A breech presentation is a birthing position in which a baby enters the birth canal feet or buttocks first, as opposed to head-down or “vertex” presentation. The frank breech position is the most common of the four types of breech presentations. In free breech, the baby’s rear is facing the mother’s cervix, with the legs extended at the knees and the feet placed on either side of the head. The frank breech position is present in 65-70% of all breech deliveries.
In more than 50% of breech deliveries, there is no obvious cause for the baby’s inability to position in the normal head-down presentation. In the remaining cases, there are specific factors that encourage free breech and other breech positions. Prematurity is the main cause of breech births. Abnormal amniotic fluid volume, history of premature birth, and previous cesarean delivery are other common causes of breech placement.
Based on symptoms alone, it is difficult to determine whether a child is in the free breech position. Most breech presentations don’t seem out of the ordinary for the mother. However, women who are more than 36 weeks pregnant and experience pressure or kicks in the lower abdomen should visit a doctor for an examination. During this visit, your doctor may examine your cervix and feel your upper and lower abdomen to ascertain their placement. A conclusive diagnosis of frank breech presentation requires fetal ultrasound.

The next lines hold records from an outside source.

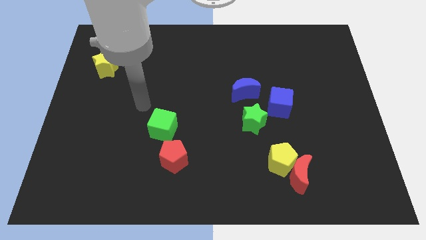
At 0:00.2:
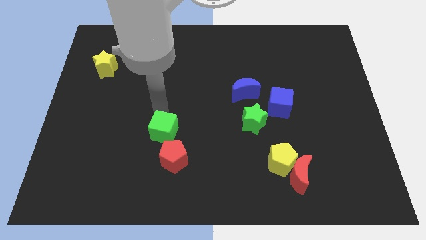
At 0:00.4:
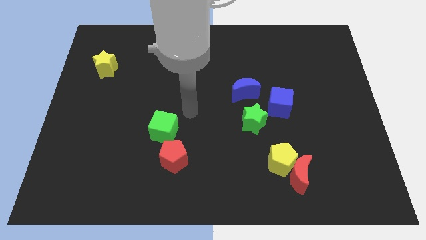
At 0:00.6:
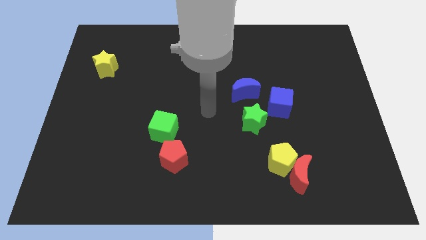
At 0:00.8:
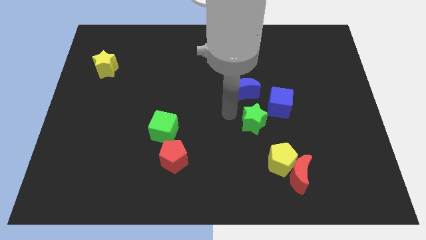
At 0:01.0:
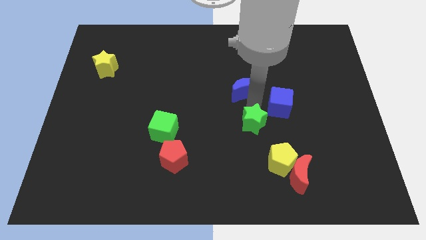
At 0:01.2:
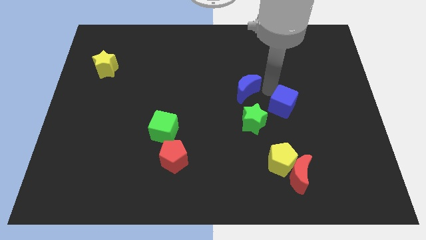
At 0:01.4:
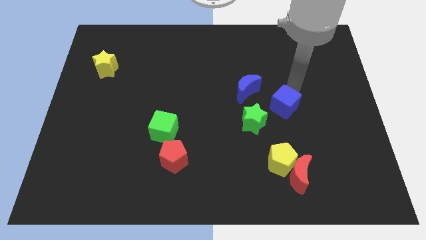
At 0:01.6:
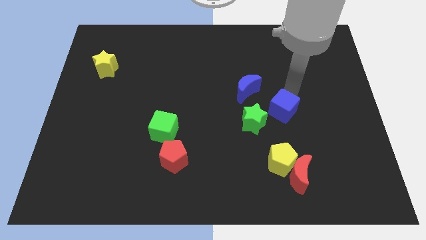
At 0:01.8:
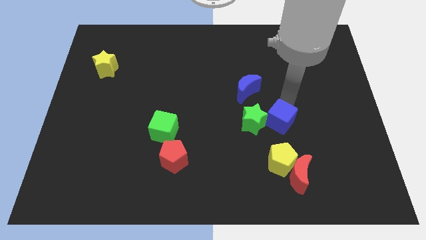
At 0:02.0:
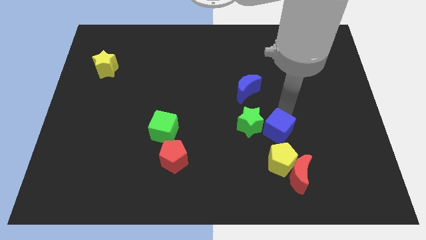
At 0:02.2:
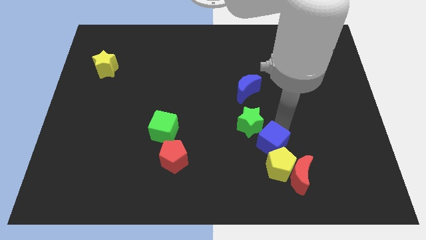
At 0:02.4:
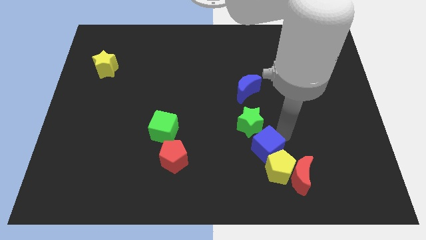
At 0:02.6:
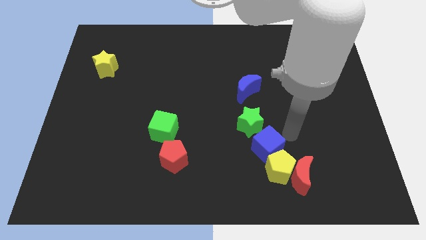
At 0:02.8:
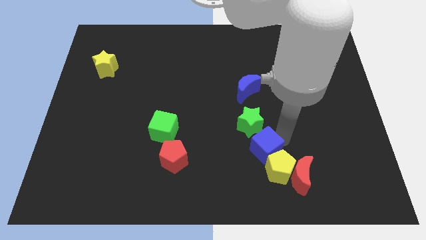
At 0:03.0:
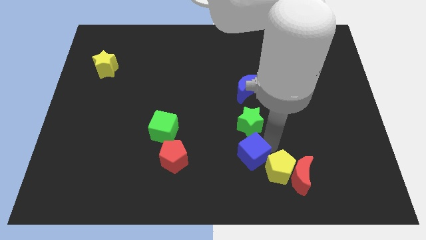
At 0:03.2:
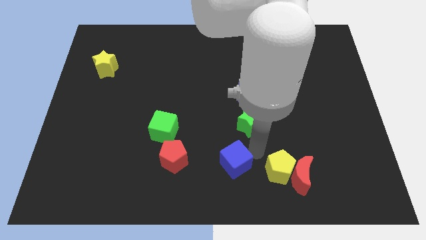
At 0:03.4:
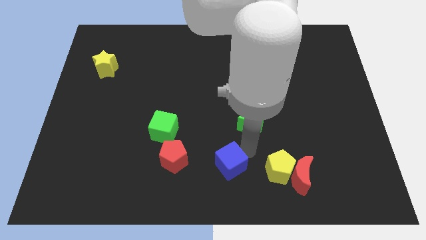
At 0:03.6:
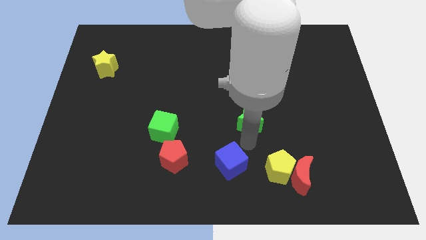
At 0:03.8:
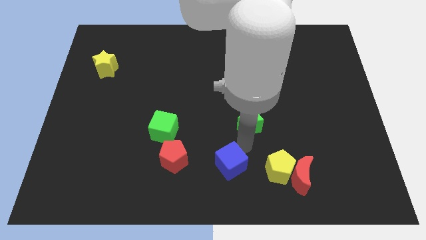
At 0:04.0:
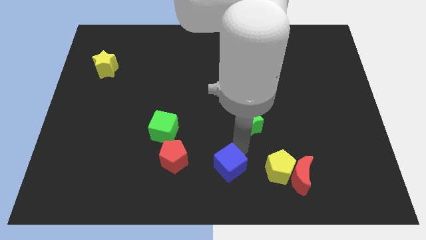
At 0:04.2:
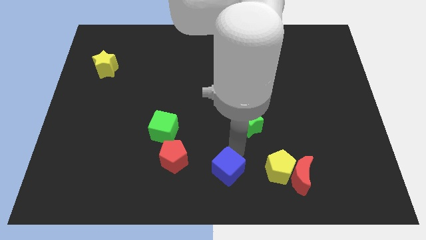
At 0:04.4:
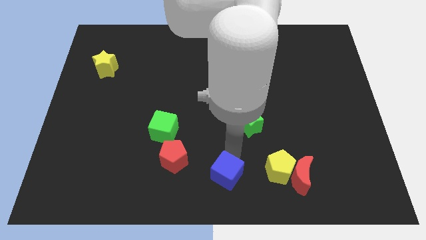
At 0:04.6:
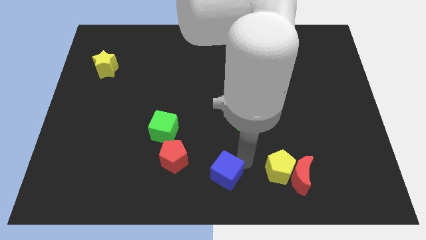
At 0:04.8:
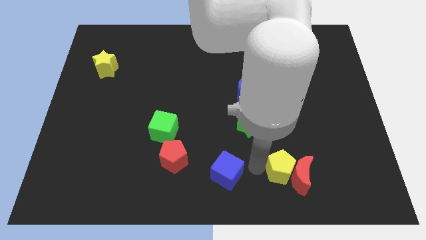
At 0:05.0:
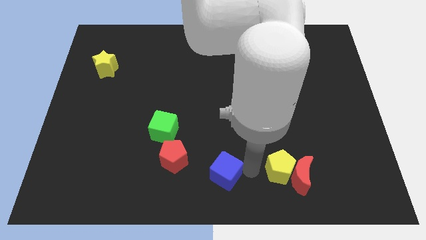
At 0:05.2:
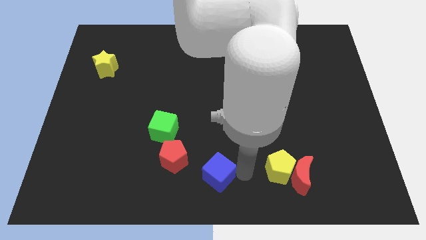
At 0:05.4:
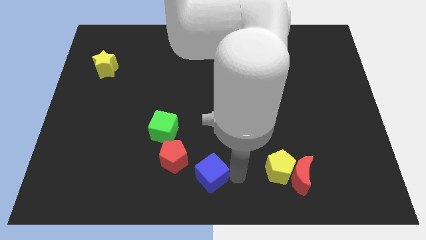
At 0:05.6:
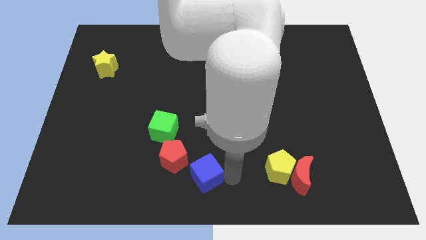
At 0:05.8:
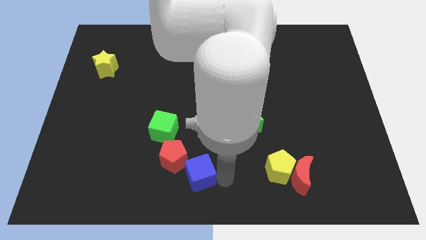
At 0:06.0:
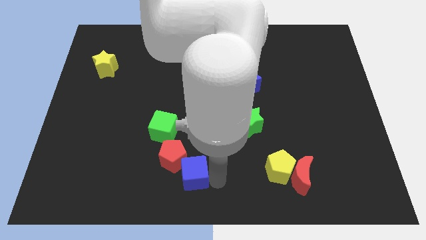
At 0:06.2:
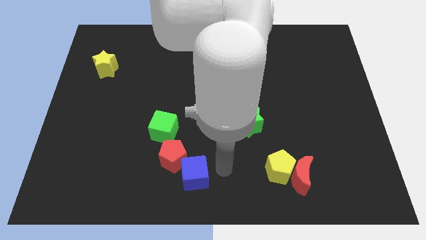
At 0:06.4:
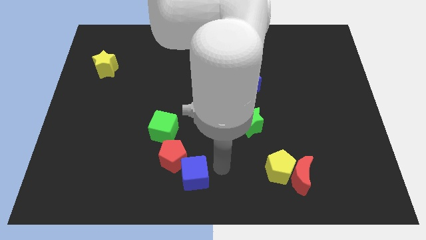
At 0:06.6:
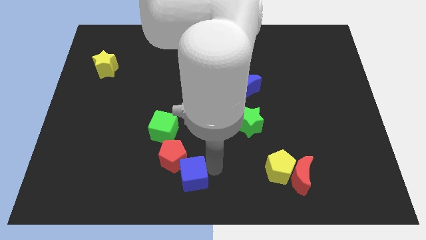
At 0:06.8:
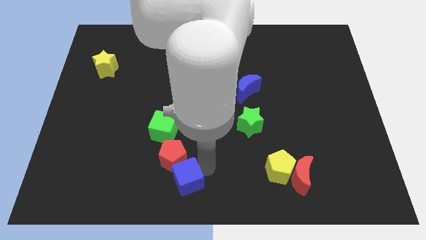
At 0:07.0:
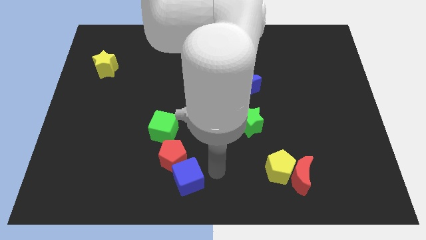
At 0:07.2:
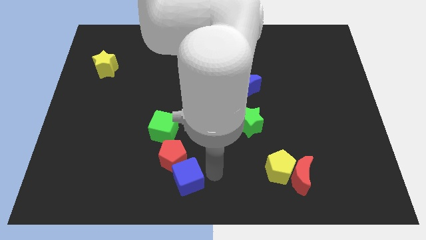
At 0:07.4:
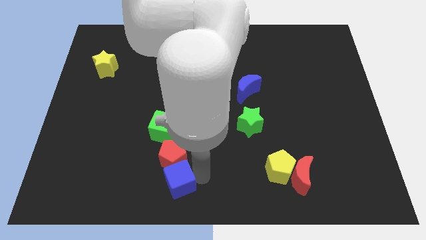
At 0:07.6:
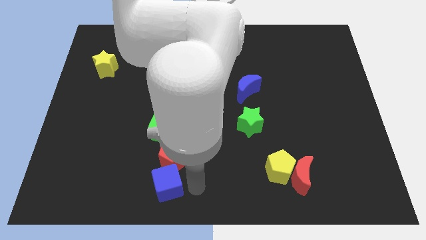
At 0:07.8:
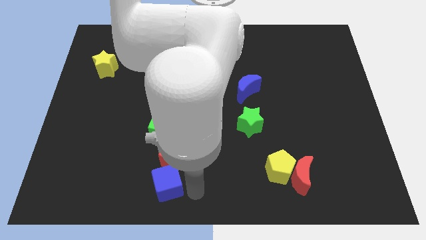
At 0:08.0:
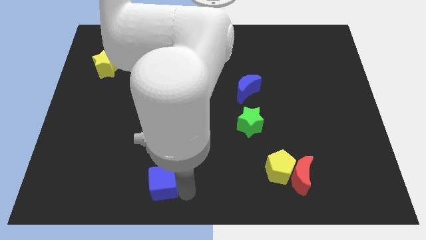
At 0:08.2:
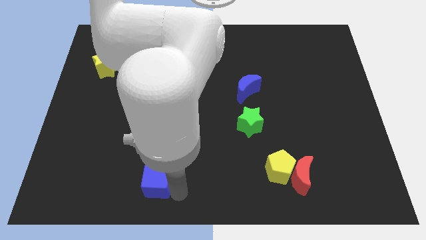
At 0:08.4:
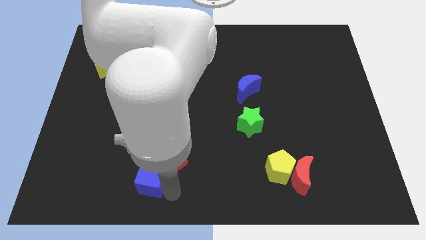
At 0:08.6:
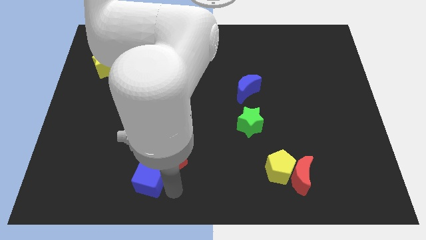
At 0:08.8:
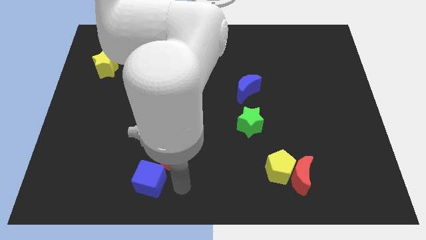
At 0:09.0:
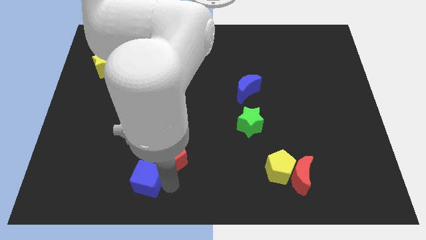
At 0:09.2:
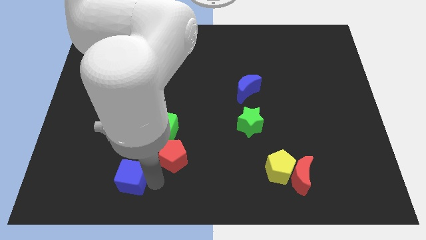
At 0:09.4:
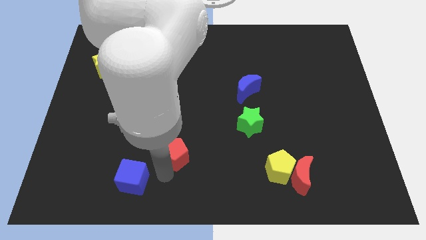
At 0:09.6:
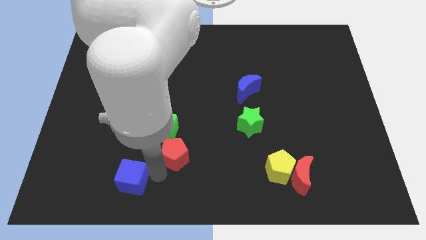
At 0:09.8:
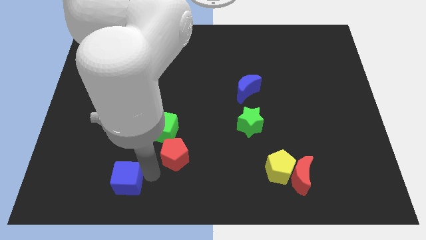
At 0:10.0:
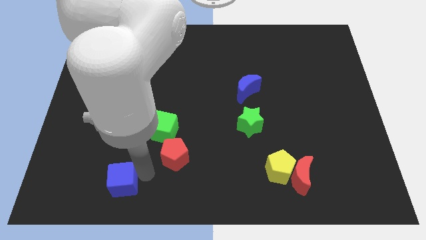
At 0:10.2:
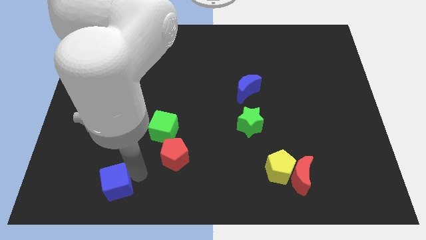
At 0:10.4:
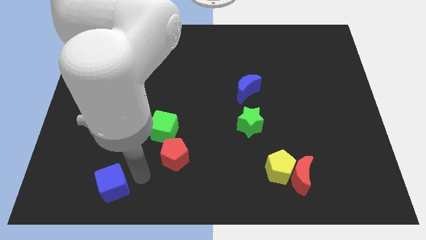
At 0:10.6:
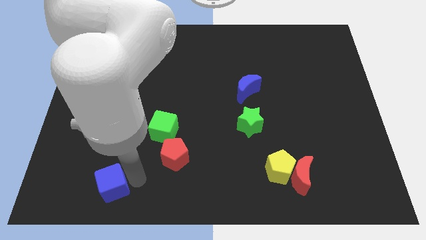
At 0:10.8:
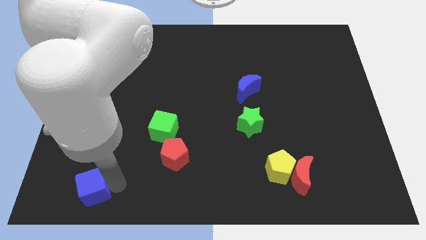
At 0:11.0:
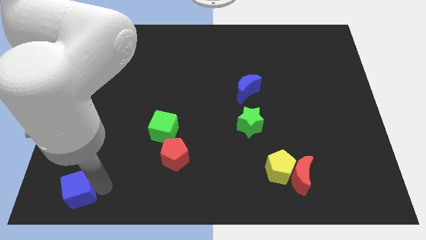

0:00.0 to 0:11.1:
slide the blue cube to the bottom left corner

Normally, as a baby increases in size, a head-down presentation will naturally occur. At 32 weeks gestation, nearly 25% of babies are in the breech position. This number drops to 3% forward. If a woman is nearing term and the baby remains in the breech free position, a midwife or doctor may attempt to turn the baby by manually manipulating the uterus. This procedure is known as an external cephalic version or ECV. Many times this technique is successful. In other cases, the baby may be too big to move or may return to the breech position.
About 30-50% of breech babies are delivered vaginally. In frank breech presentation, vaginal delivery is favored. The deciding factors for the method of delivery depend on the estimated weight of the baby and the experience of the midwife or doctor. Fetal monitoring will be used throughout the labor process if a vaginal birth is attempted. If the baby shows any signs of distress, a caesarean section will be considered.